__Records drawn from a dataset__.
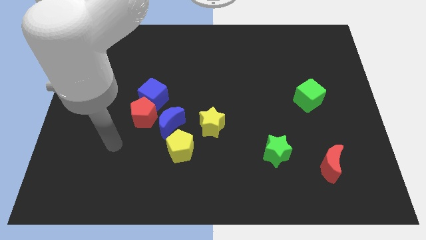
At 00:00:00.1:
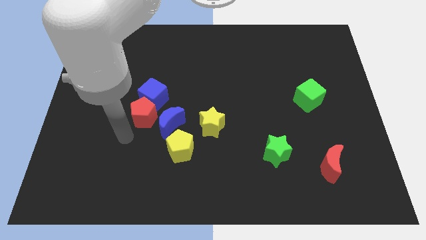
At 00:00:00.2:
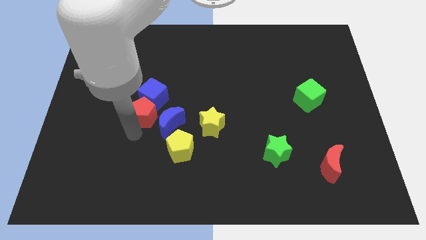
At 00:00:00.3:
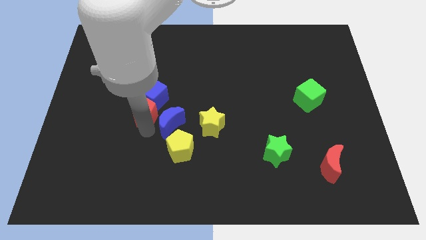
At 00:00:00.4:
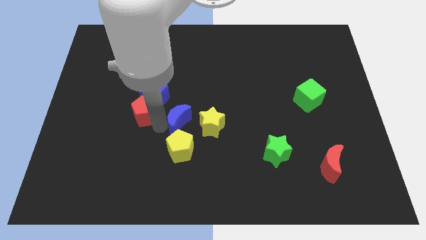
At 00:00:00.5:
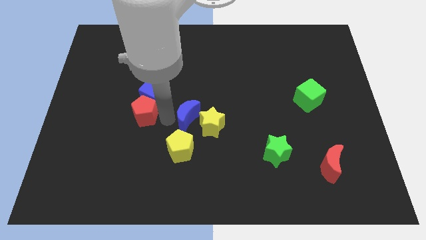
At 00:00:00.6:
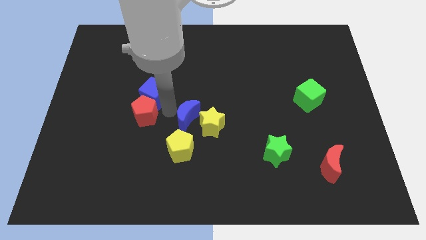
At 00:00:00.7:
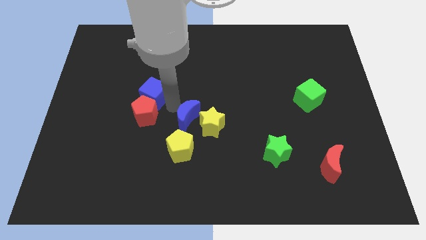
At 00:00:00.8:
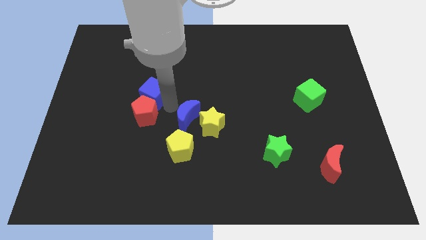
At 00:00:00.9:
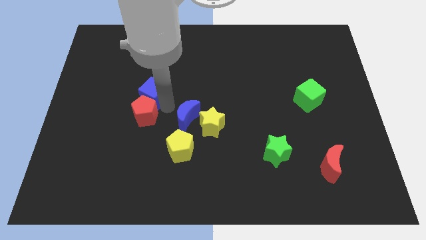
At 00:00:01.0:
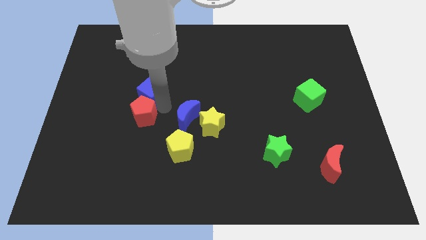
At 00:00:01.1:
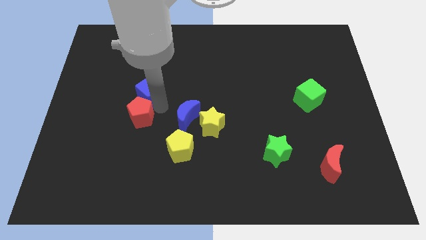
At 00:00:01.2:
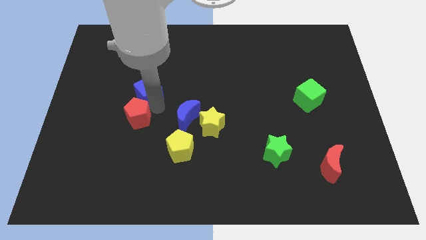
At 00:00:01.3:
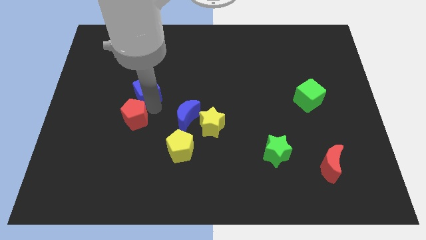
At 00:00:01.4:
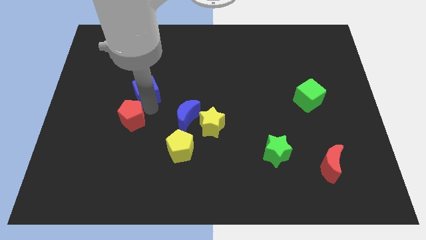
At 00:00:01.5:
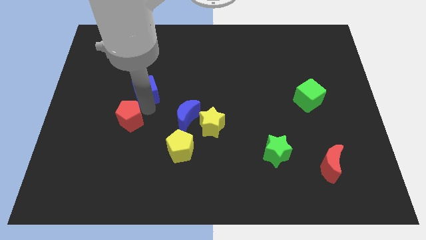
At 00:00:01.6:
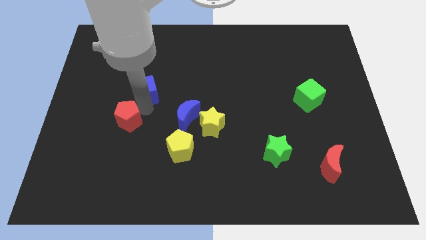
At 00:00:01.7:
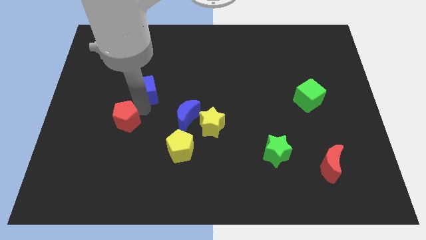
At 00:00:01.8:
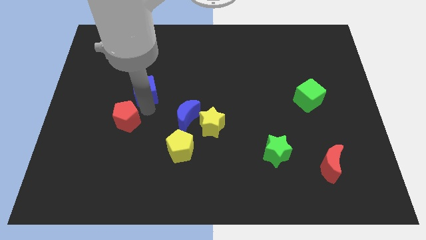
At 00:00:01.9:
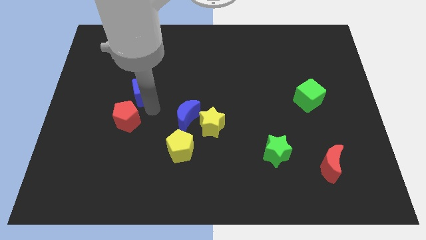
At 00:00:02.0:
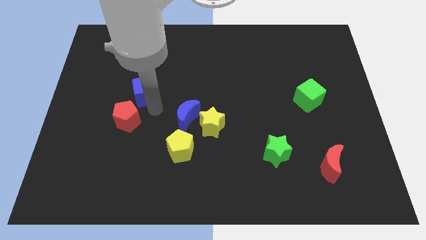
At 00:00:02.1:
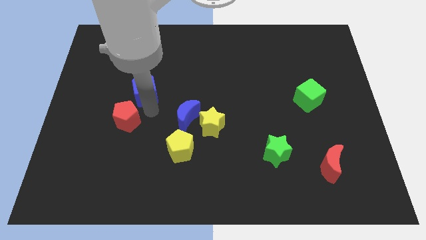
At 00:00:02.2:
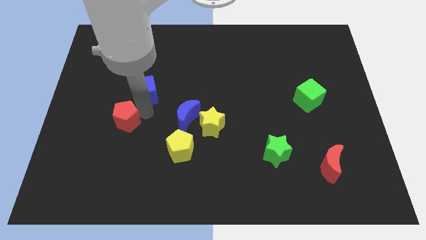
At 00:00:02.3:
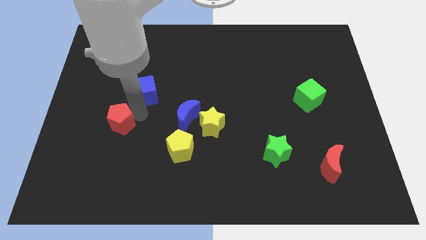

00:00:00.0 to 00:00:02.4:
pull the red pentagon apart from the blue cube and blue moon

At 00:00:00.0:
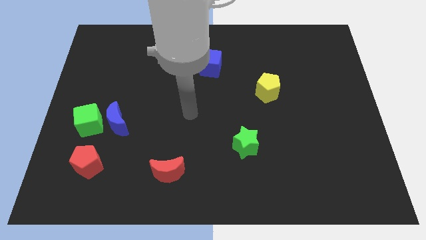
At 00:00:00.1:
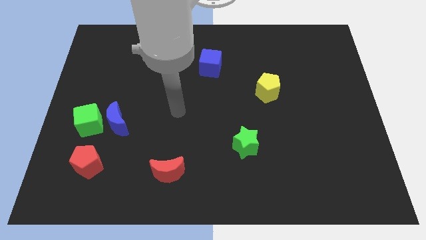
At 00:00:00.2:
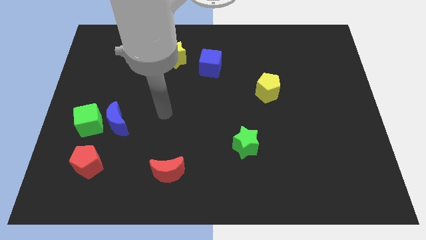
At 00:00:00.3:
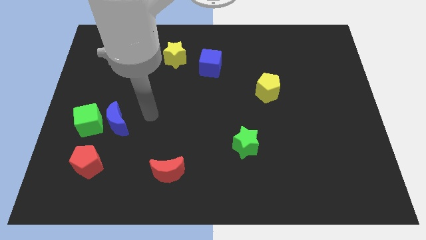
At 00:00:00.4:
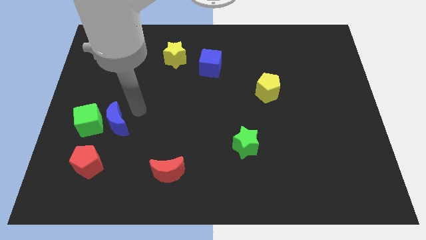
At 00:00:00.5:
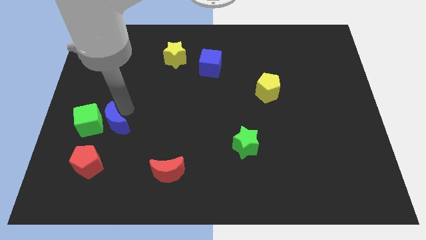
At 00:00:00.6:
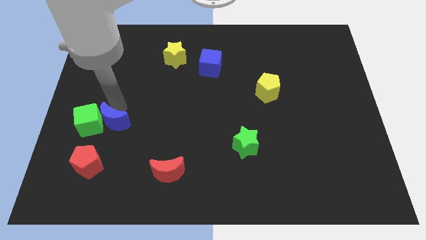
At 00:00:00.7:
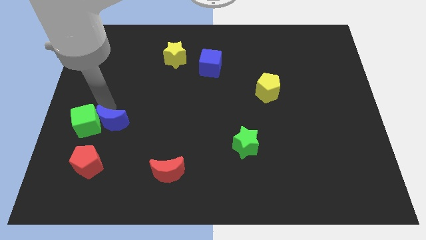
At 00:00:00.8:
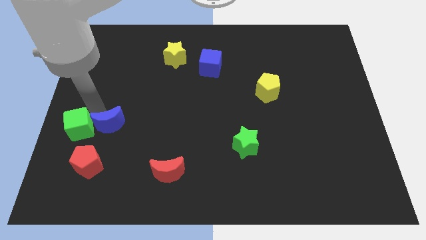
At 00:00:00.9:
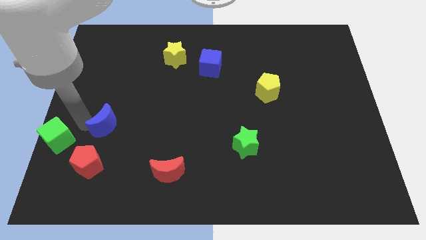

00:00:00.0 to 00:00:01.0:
move the blue moon away from the green cube

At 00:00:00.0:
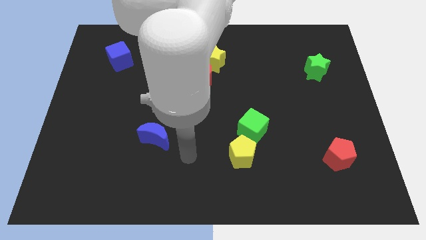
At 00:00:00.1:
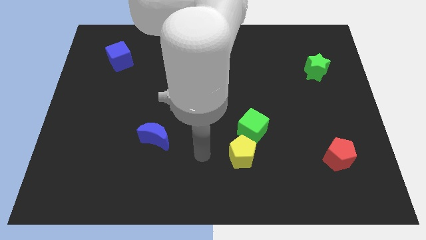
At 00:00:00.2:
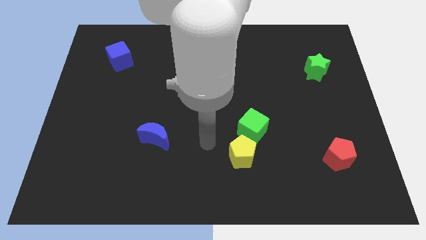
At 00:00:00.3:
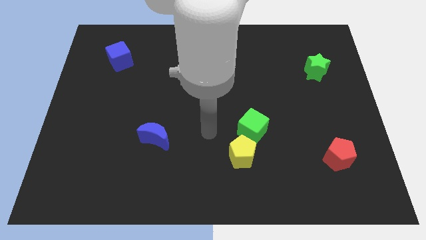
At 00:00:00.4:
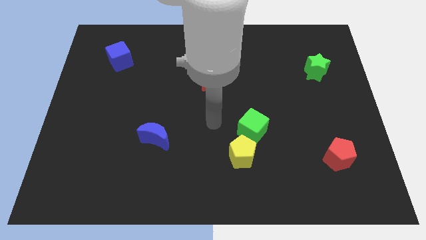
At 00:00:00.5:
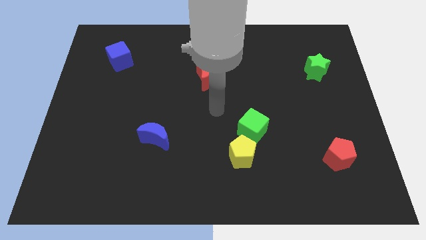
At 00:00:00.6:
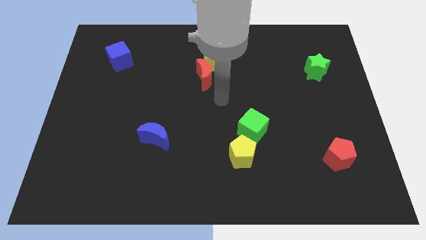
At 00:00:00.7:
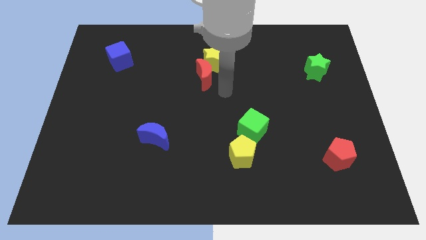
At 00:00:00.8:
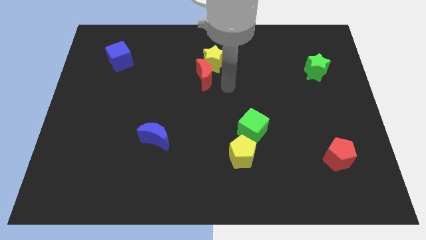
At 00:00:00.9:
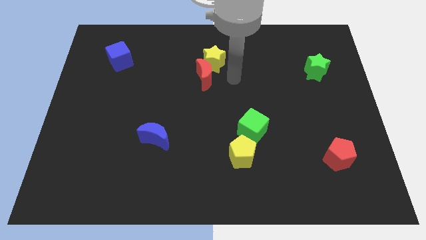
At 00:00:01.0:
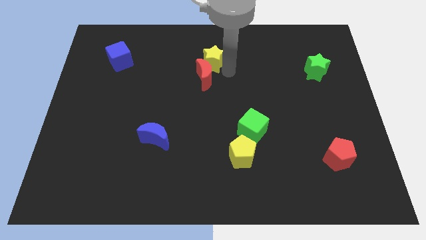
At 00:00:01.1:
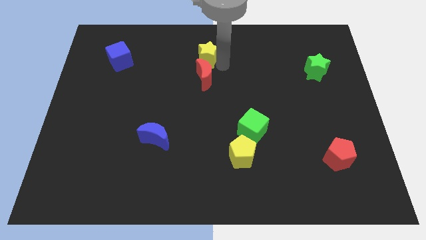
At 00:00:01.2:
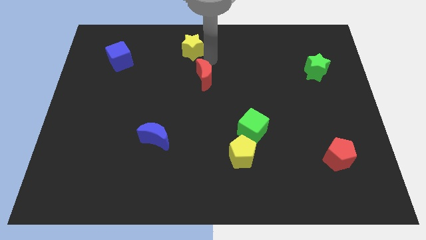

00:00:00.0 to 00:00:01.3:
move the red moon away from the yellow star

__Exercise requirements__. Each line of the data above should be reproduced without alteration, and no picture should appear in the copy.

__Result below__.
At 00:00:00.1:
At 00:00:00.2:
At 00:00:00.3:
At 00:00:00.4:
At 00:00:00.5:
At 00:00:00.6:
At 00:00:00.7:
At 00:00:00.8:
At 00:00:00.9:
At 00:00:01.0:
At 00:00:01.1:
At 00:00:01.2:
At 00:00:01.3:
At 00:00:01.4:
At 00:00:01.5:
At 00:00:01.6:
At 00:00:01.7:
At 00:00:01.8:
At 00:00:01.9:
At 00:00:02.0:
At 00:00:02.1:
At 00:00:02.2:
At 00:00:02.3:

00:00:00.0 to 00:00:02.4:
pull the red pentagon apart from the blue cube and blue moon

At 00:00:00.0:
At 00:00:00.1:
At 00:00:00.2:
At 00:00:00.3:
At 00:00:00.4:
At 00:00:00.5:
At 00:00:00.6:
At 00:00:00.7:
At 00:00:00.8:
At 00:00:00.9:

00:00:00.0 to 00:00:01.0:
move the blue moon away from the green cube

At 00:00:00.0:
At 00:00:00.1:
At 00:00:00.2:
At 00:00:00.3:
At 00:00:00.4:
At 00:00:00.5:
At 00:00:00.6:
At 00:00:00.7:
At 00:00:00.8:
At 00:00:00.9:
At 00:00:01.0:
At 00:00:01.1:
At 00:00:01.2:

00:00:00.0 to 00:00:01.3:
move the red moon away from the yellow star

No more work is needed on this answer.